Problem requirements:
The answer must consist of each line below that contains the word "Topology", copied in full.

Dataset records:
__________

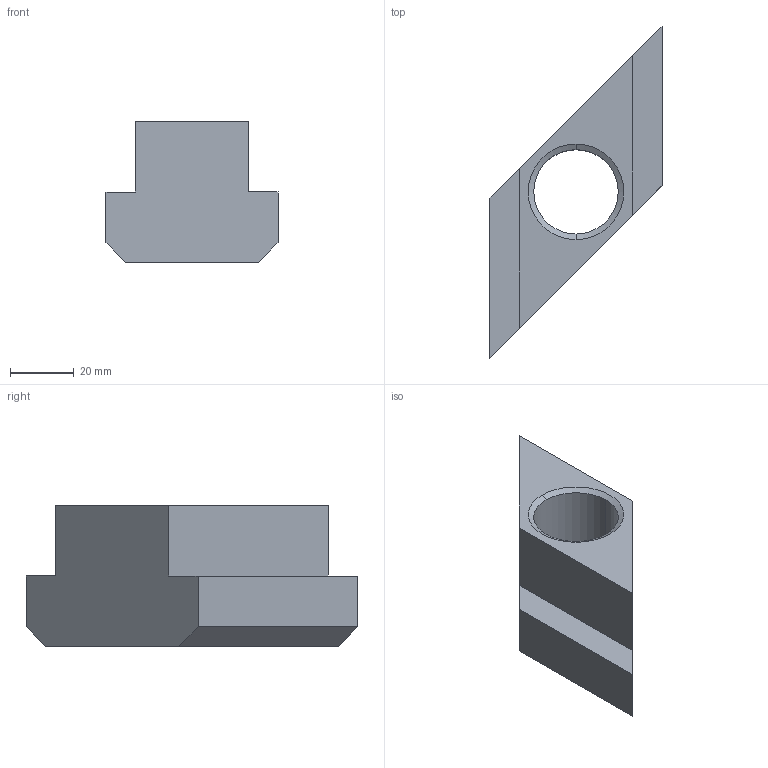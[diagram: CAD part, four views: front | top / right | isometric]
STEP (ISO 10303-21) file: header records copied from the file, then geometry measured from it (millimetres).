
FILE_DESCRIPTION(('STEP AP214'),'1');
FILE_NAME('HALDERN_EH_23020_0860.stp','2014-10-09T11:17:38',('TraceParts'),('TraceParts S.A.'),'Spatial InterOp 3D',' ',' ');
FILE_SCHEMA(('automotive_design'));
Length unit declared in the file: millimetre
Products named in the file (1): 1
Bounding box: 54 x 104.2 x 44 mm (x, y, z)
Volume: 72700.6 mm3; surface area: 17454.5 mm2
Topology: 1 solids, 1 shells, 16 faces, 43 edges, 29 vertices
Faces by surface type: plane 12, cylinder 2, cone 2
Entity records: 660 total; most frequent: CARTESIAN_POINT 89, DIRECTION 86, ORIENTED_EDGE 86, EDGE_CURVE 43, LINE 34, VECTOR 34, VERTEX_POINT 29, AXIS2_PLACEMENT_3D 26
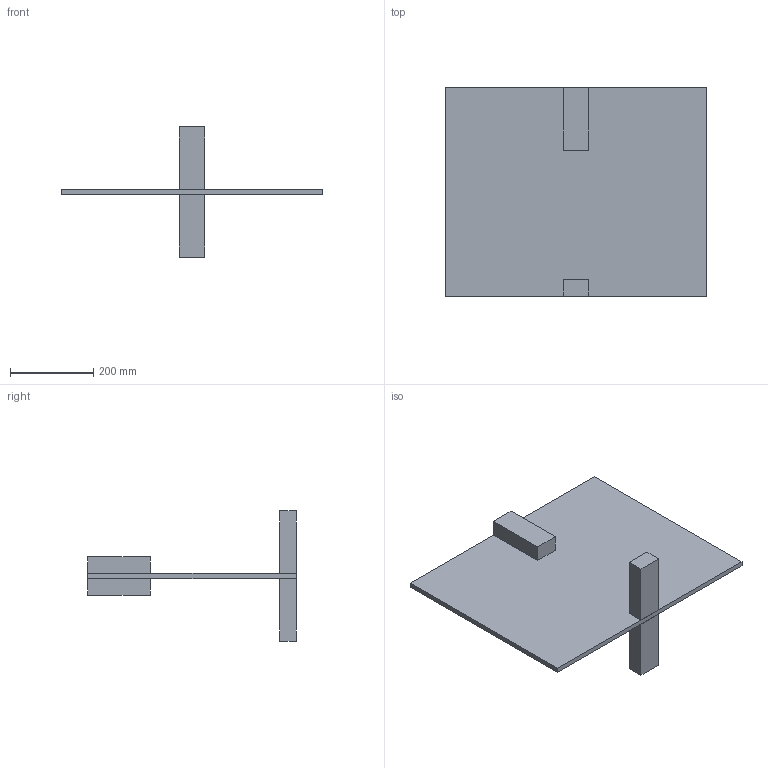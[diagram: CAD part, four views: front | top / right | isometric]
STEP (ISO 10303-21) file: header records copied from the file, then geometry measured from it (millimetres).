
FILE_DESCRIPTION(/* description */ (''),/* implementation_level */ '2;1');
FILE_NAME(/* name */ 'Structural Panel 84 Foot Alanna v1.step',/* time_stamp */ '2016-05-05T01:11:38+02:00',/* author */ (''),/* organization */ (''),/* preprocessor_version */ 'ST-DEVELOPER v16.2',/* originating_system */ 'Autodesk Translation Framework v4.3.0.3010',/* authorisation */ '');
FILE_SCHEMA (('AUTOMOTIVE_DESIGN { 1 0 10303 214 3 1 1 }'));
Length unit declared in the file: centimetre
Products named in the file (3): Structural Panel 84 Foot Alanna v1; PLY 12x500x620; KVH 40x60x150
Assembly tree (5 placements, depth 2):
  Structural Panel 84 Foot Alanna v1
    KVH 40x60x150  x4
    PLY 12x500x620
Bounding box: 625 x 500 x 312 mm (x, y, z)
Volume: 5190000 mm3; surface area: 791200 mm2
Topology: 5 solids, 5 shells, 30 faces, 60 edges, 40 vertices
Faces by surface type: plane 30
Entity records: 409 total; most frequent: DIRECTION 64, CARTESIAN_POINT 60, ORIENTED_EDGE 48, LINE 24, VECTOR 24, EDGE_CURVE 24, AXIS2_PLACEMENT_3D 20, VERTEX_POINT 16
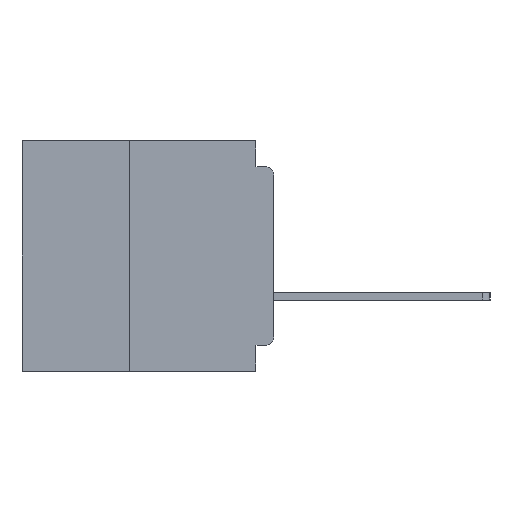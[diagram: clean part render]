
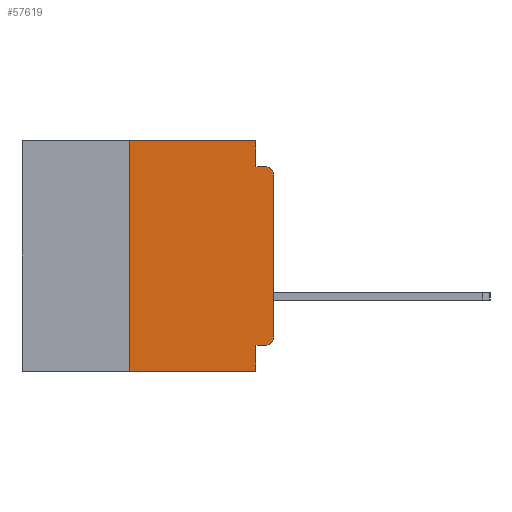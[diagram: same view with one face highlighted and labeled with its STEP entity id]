
A CAD part, left-side view. The second image highlights one B-rep face of the part: STEP entity #57619.
In plain terms, the highlighted planar face has unit normal (-1, 0, 0).
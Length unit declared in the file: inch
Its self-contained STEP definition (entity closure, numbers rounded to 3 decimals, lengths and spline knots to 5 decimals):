
#460 = VERTEX_POINT ( 'NONE', #33298 ) ;
#2048 = VECTOR ( 'NONE', #14185, 39.37008 ) ;
#2889 = EDGE_CURVE ( 'NONE', #63104, #41044, #62334, .T. ) ;
#2952 = CARTESIAN_POINT ( 'NONE',  ( 0., 0.031, -0.4 ) ) ;
#3303 = ORIENTED_EDGE ( 'NONE', *, *, #41878, .F. ) ;
#4135 = ORIENTED_EDGE ( 'NONE', *, *, #15894, .T. ) ;
#4540 = VECTOR ( 'NONE', #4620, 39.37008 ) ;
#4620 = DIRECTION ( 'NONE',  ( 0., 0., -1. ) ) ;
#5210 = CARTESIAN_POINT ( 'NONE',  ( 0., 0.437, -0.4 ) ) ;
#8600 = VECTOR ( 'NONE', #30202, 39.37008 ) ;
#8674 = EDGE_CURVE ( 'NONE', #49115, #50591, #54514, .T. ) ;
#8955 = DIRECTION ( 'NONE',  ( 1., 0., 0. ) ) ;
#9516 = CARTESIAN_POINT ( 'NONE',  ( 0., 0.031, -0.355 ) ) ;
#10182 = LINE ( 'NONE', #55025, #8600 ) ;
#12315 = ORIENTED_EDGE ( 'NONE', *, *, #59783, .F. ) ;
#12865 = ORIENTED_EDGE ( 'NONE', *, *, #50020, .F. ) ;
#13428 = DIRECTION ( 'NONE',  ( -1., 0., 0. ) ) ;
#13815 = DIRECTION ( 'NONE',  ( -1., 0., 0. ) ) ;
#13834 = VERTEX_POINT ( 'NONE', #37929 ) ;
#14185 = DIRECTION ( 'NONE',  ( 0., 0., -1. ) ) ;
#15894 = EDGE_CURVE ( 'NONE', #45668, #49115, #10182, .T. ) ;
#16251 = VERTEX_POINT ( 'NONE', #22692 ) ;
#18556 = VECTOR ( 'NONE', #29180, 39.37008 ) ;
#19039 = LINE ( 'NONE', #45284, #57334 ) ;
#19695 = CARTESIAN_POINT ( 'NONE',  ( 0., 0.25, -0.4 ) ) ;
#20113 = LINE ( 'NONE', #64053, #18556 ) ;
#20909 = CARTESIAN_POINT ( 'NONE',  ( 0., 0., -0.34 ) ) ;
#22454 = VECTOR ( 'NONE', #55582, 39.37008 ) ;
#22692 = CARTESIAN_POINT ( 'NONE',  ( 0., 0.031, -0.045 ) ) ;
#25926 = DIRECTION ( 'NONE',  ( 0., -1., 0. ) ) ;
#27569 = FACE_OUTER_BOUND ( 'NONE', #48671, .T. ) ;
#27915 = AXIS2_PLACEMENT_3D ( 'NONE', #43521, #13428, #48491 ) ;
#28609 = ORIENTED_EDGE ( 'NONE', *, *, #8674, .T. ) ;
#29176 = LINE ( 'NONE', #34698, #2048 ) ;
#29180 = DIRECTION ( 'NONE',  ( 0., -1., 0. ) ) ;
#29190 = PLANE ( 'NONE',  #52924 ) ;
#30197 = CARTESIAN_POINT ( 'NONE',  ( 0., 0.031, -0.4 ) ) ;
#30202 = DIRECTION ( 'NONE',  ( 0., 0., 1. ) ) ;
#31624 = EDGE_CURVE ( 'NONE', #13834, #45668, #43166, .T. ) ;
#31788 = VERTEX_POINT ( 'NONE', #9516 ) ;
#32588 = CARTESIAN_POINT ( 'NONE',  ( 0., 0., -0.06 ) ) ;
#33298 = CARTESIAN_POINT ( 'NONE',  ( 0., 0.25, 0. ) ) ;
#33592 = LINE ( 'NONE', #50750, #43696 ) ;
#34038 = CARTESIAN_POINT ( 'NONE',  ( 0., 0.437, 0. ) ) ;
#34559 = VECTOR ( 'NONE', #53908, 39.37008 ) ;
#34698 = CARTESIAN_POINT ( 'NONE',  ( 0., 0.031, 0. ) ) ;
#35765 = ORIENTED_EDGE ( 'NONE', *, *, #43204, .F. ) ;
#37929 = CARTESIAN_POINT ( 'NONE',  ( 0., 0.015, -0.355 ) ) ;
#40176 = VERTEX_POINT ( 'NONE', #45219 ) ;
#41044 = VERTEX_POINT ( 'NONE', #2952 ) ;
#41878 = EDGE_CURVE ( 'NONE', #31788, #41044, #59675, .T. ) ;
#42049 = AXIS2_PLACEMENT_3D ( 'NONE', #43904, #13815, #48874 ) ;
#43166 = CIRCLE ( 'NONE', #27915, 0.015 ) ;
#43204 = EDGE_CURVE ( 'NONE', #40176, #16251, #29176, .T. ) ;
#43521 = CARTESIAN_POINT ( 'NONE',  ( 0., 0.015, -0.34 ) ) ;
#43623 = ORIENTED_EDGE ( 'NONE', *, *, #31624, .T. ) ;
#43696 = VECTOR ( 'NONE', #25926, 39.37008 ) ;
#43904 = CARTESIAN_POINT ( 'NONE',  ( 0., 0.015, -0.06 ) ) ;
#44232 = DIRECTION ( 'NONE',  ( 0., 0., -1. ) ) ;
#44306 = ORIENTED_EDGE ( 'NONE', *, *, #45450, .F. ) ;
#45219 = CARTESIAN_POINT ( 'NONE',  ( 0., 0.031, 0. ) ) ;
#45284 = CARTESIAN_POINT ( 'NONE',  ( 0., 0.25, -0.4 ) ) ;
#45450 = EDGE_CURVE ( 'NONE', #13834, #31788, #62623, .T. ) ;
#45668 = VERTEX_POINT ( 'NONE', #20909 ) ;
#47795 = ORIENTED_EDGE ( 'NONE', *, *, #2889, .T. ) ;
#48491 = DIRECTION ( 'NONE',  ( 0., 0., -1. ) ) ;
#48671 = EDGE_LOOP ( 'NONE', ( #4135, #28609, #63900, #35765, #12315, #12865, #47795, #3303, #44306, #43623 ) ) ;
#48874 = DIRECTION ( 'NONE',  ( 0., 0., -1. ) ) ;
#49115 = VERTEX_POINT ( 'NONE', #32588 ) ;
#50020 = EDGE_CURVE ( 'NONE', #63104, #460, #19039, .T. ) ;
#50271 = DIRECTION ( 'NONE',  ( 0., 0., 1. ) ) ;
#50591 = VERTEX_POINT ( 'NONE', #62615 ) ;
#50750 = CARTESIAN_POINT ( 'NONE',  ( 0., 0.437, 0. ) ) ;
#52924 = AXIS2_PLACEMENT_3D ( 'NONE', #34038, #8955, #44232 ) ;
#53908 = DIRECTION ( 'NONE',  ( 0., 1., 0. ) ) ;
#54514 = CIRCLE ( 'NONE', #42049, 0.015 ) ;
#55025 = CARTESIAN_POINT ( 'NONE',  ( 0., 0., 0. ) ) ;
#55582 = DIRECTION ( 'NONE',  ( 0., -1., 0. ) ) ;
#57334 = VECTOR ( 'NONE', #50271, 39.37008 ) ;
#57619 = ADVANCED_FACE ( 'NONE', ( #27569 ), #29190, .F. ) ;
#59675 = LINE ( 'NONE', #30197, #4540 ) ;
#59783 = EDGE_CURVE ( 'NONE', #460, #40176, #33592, .T. ) ;
#60182 = EDGE_CURVE ( 'NONE', #16251, #50591, #20113, .T. ) ;
#62334 = LINE ( 'NONE', #5210, #22454 ) ;
#62615 = CARTESIAN_POINT ( 'NONE',  ( 0., 0.015, -0.045 ) ) ;
#62623 = LINE ( 'NONE', #63986, #34559 ) ;
#63104 = VERTEX_POINT ( 'NONE', #19695 ) ;
#63900 = ORIENTED_EDGE ( 'NONE', *, *, #60182, .F. ) ;
#63986 = CARTESIAN_POINT ( 'NONE',  ( 0., 0., -0.355 ) ) ;
#64053 = CARTESIAN_POINT ( 'NONE',  ( 0., 0., -0.045 ) ) ;

__________

Your solution:
Topology: 1 solids, 1 shells, 16 faces, 43 edges, 29 vertices
Topology: 5 solids, 5 shells, 30 faces, 60 edges, 40 vertices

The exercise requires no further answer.